La position du narrateur, c’est la place qu’il occupe
par rapport à l’histoire: ou bien il la raconte du dehors,
ou bien il participe à cette histoire en tant que personnage.
Le narrateur hors de l’histoire
- même extérieur à l’histoire, le narrateur
peut livrer dans sa narration des traces de sa présence: le
récit au sens strict laisse alors place au discours; des indices
d’énonciation signalent la présence de quelqu’un
qui juge les personnages, organise le récit, propose des réflexions.
- pour entretenir davantage l’illusion réaliste, le romancier
peut choisir de dissimuler la présence du narrateur: les faits
semblent alors se raconter d’eux-mêmes, sur le mode du
récit pur (3ème personne, temps du passé), les
marques du discours n’apparaissent que dans les dialogues.
Le narrateur personnage
- le narrateur raconte sa propre histoire: le héros rapporte
l’aventure qu’il a vécue. Le lecteur peut ainsi
avoir l’impression d’entrer de plein-pied dans l’histoire.

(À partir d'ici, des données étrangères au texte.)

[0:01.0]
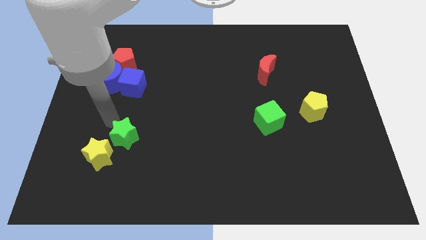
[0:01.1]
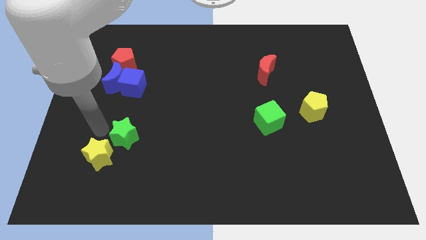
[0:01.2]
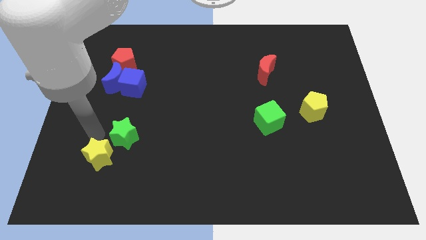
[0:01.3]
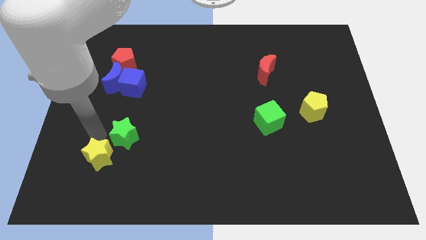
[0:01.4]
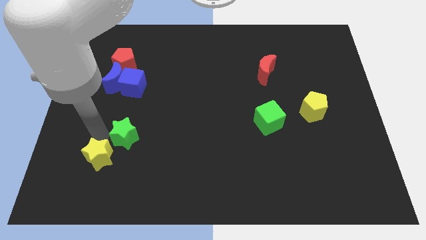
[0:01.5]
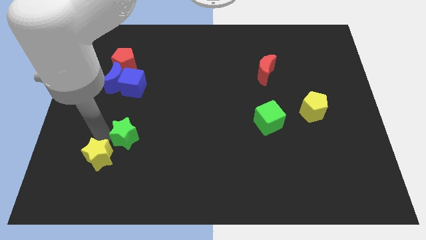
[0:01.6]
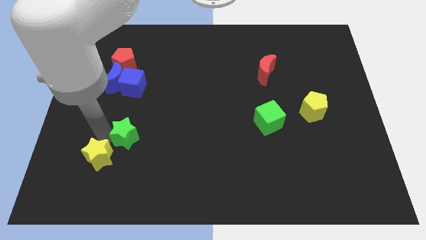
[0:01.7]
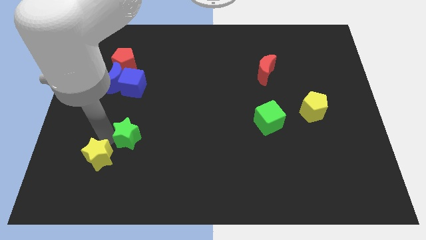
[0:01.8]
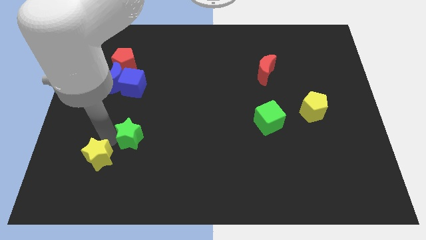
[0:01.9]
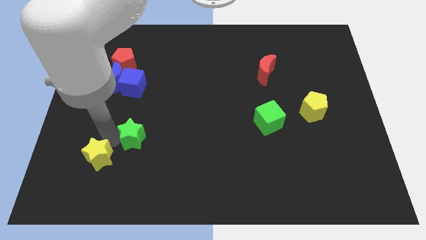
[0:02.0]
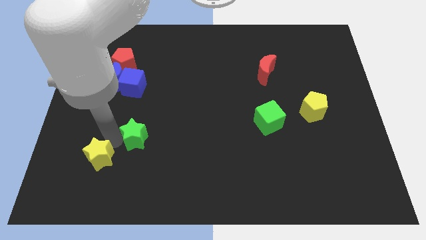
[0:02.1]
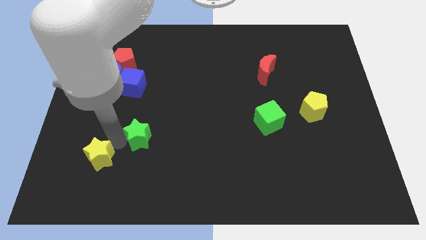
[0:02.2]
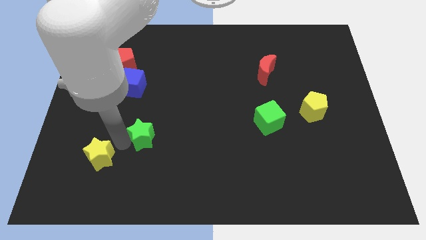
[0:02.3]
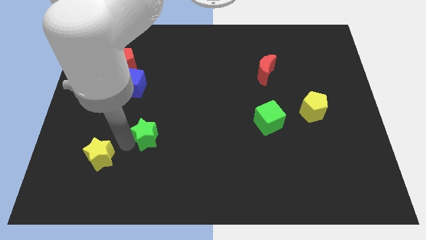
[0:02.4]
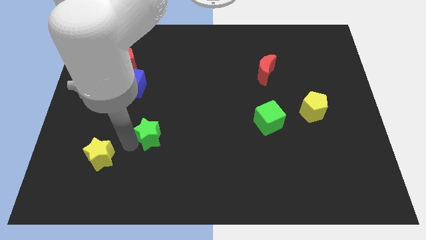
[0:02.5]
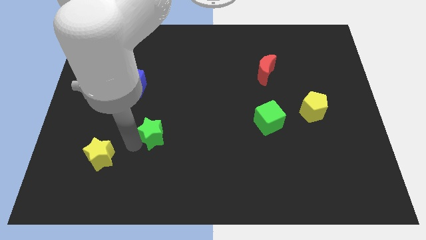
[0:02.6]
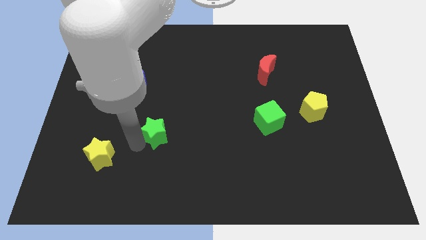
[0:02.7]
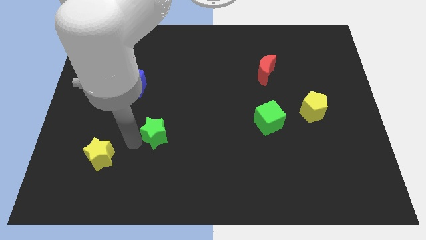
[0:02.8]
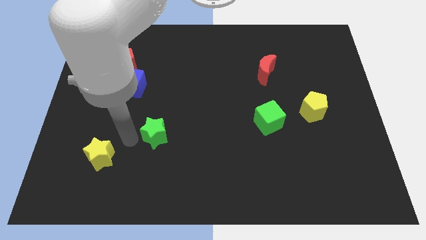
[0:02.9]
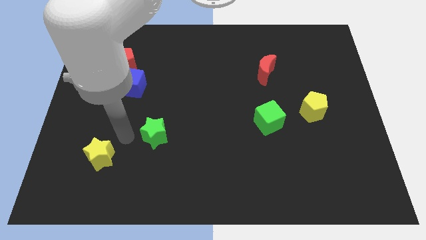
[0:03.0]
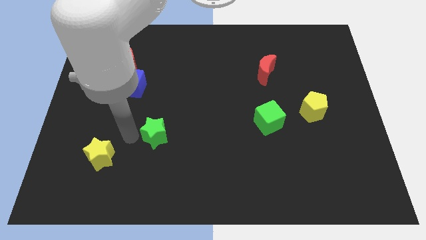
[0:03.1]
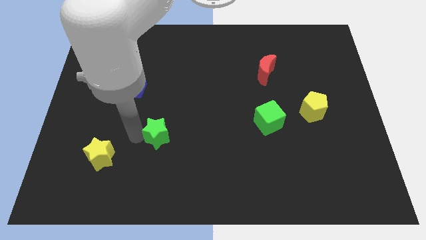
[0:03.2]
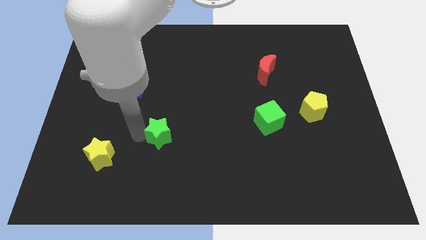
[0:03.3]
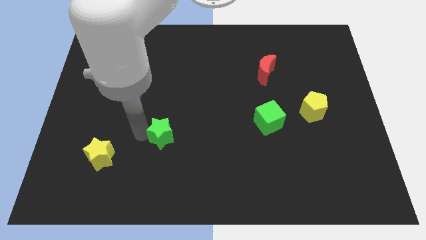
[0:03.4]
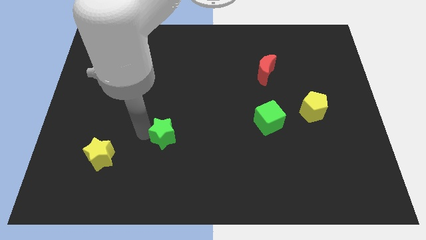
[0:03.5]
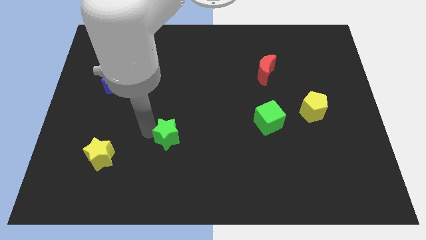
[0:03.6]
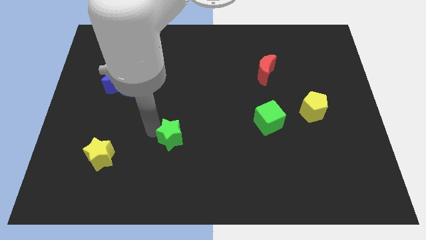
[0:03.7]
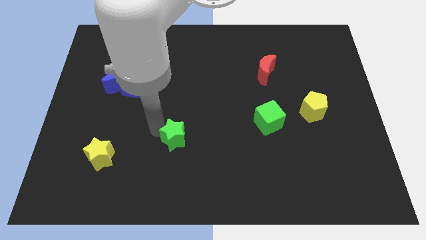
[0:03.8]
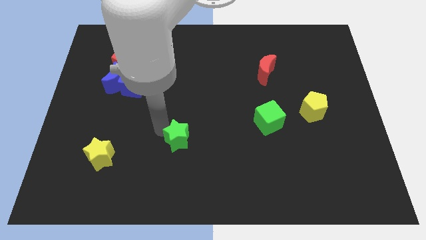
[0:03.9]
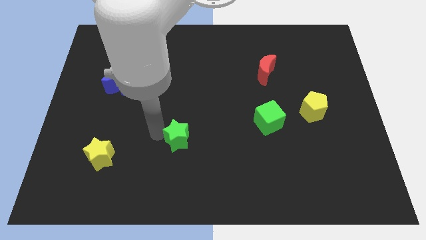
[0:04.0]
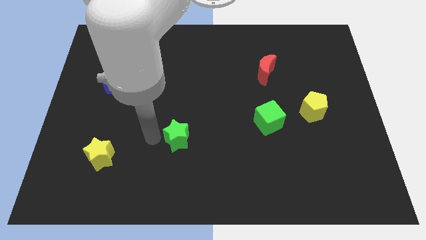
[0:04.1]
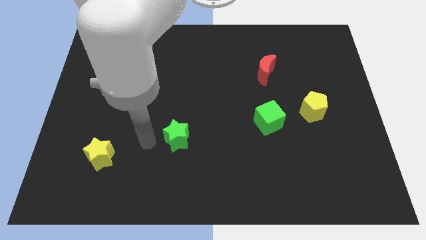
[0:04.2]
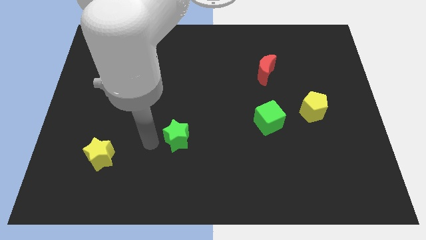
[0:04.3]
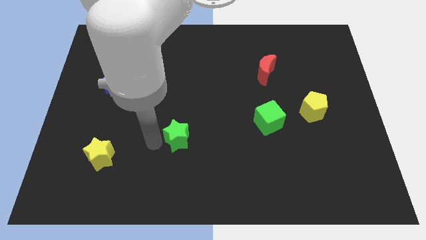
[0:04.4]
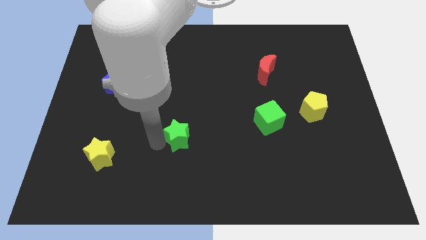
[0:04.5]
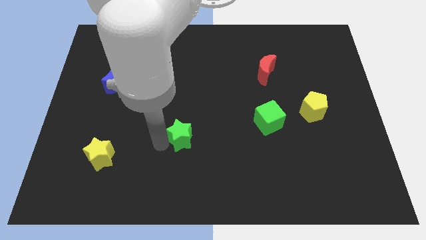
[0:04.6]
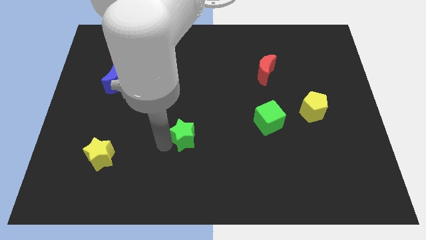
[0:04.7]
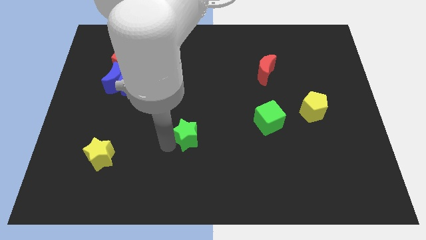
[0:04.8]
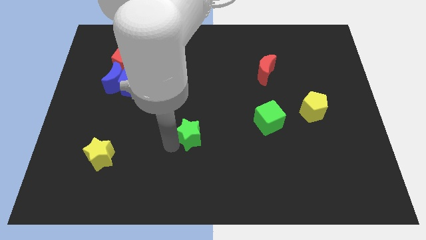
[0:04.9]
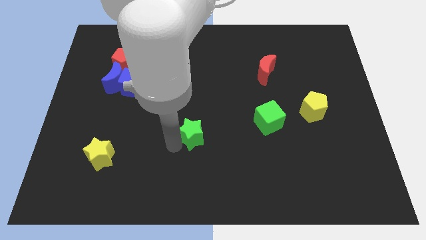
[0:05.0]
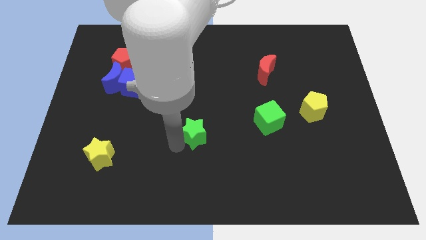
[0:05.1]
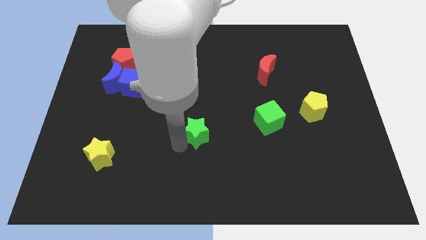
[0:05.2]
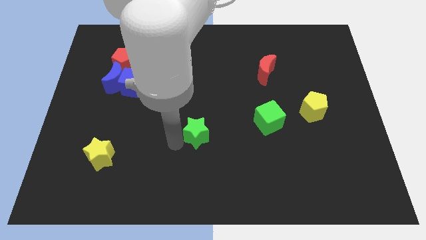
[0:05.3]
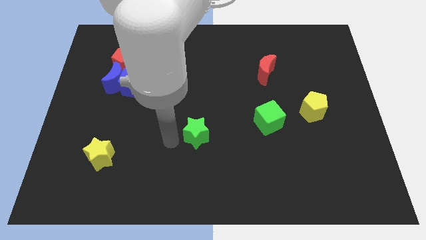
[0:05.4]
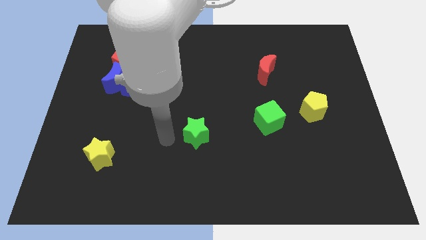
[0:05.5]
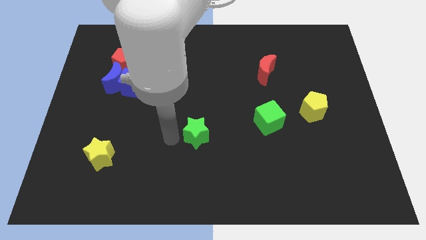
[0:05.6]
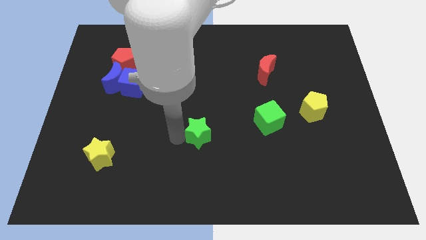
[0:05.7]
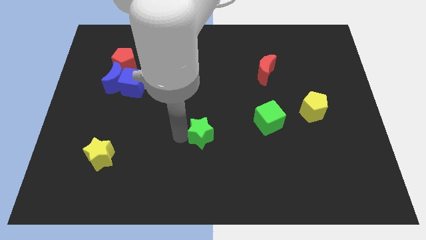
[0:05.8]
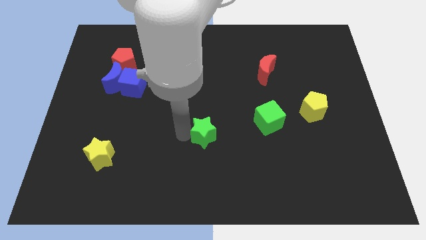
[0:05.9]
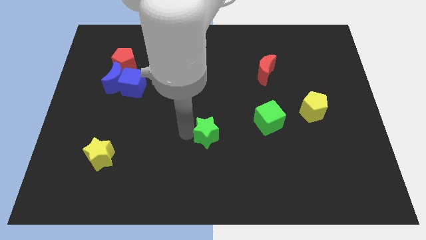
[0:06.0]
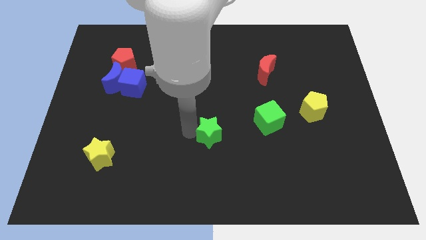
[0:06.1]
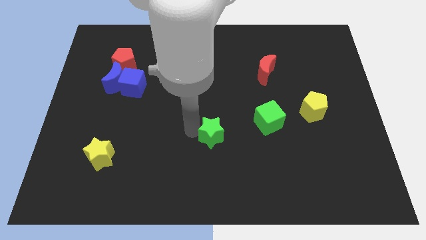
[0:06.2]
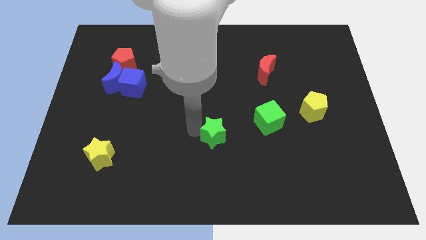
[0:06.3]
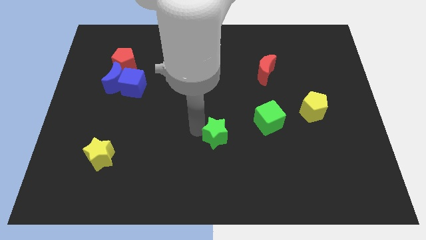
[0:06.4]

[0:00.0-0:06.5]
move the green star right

- le narrateur peut aussi raconter des faits dont il n’a pas
été l’acteur principal mais simplement un témoin,
à distance du héros que l’on découvre alors
de manière indirecte.
Le romancier opte parfois pour un dispositif complexe qui combine
ces différentes possibilités: un premier narrateur laisse
la parole à un second; le narrateur que l’on croyait
«au dehors» révèle qu’il a participé
aux faits, etc. De telles structures peuvent difficilement être
repérées dans les limites d’un extrait, mais il
est important de les identifier dans une œuvre complète.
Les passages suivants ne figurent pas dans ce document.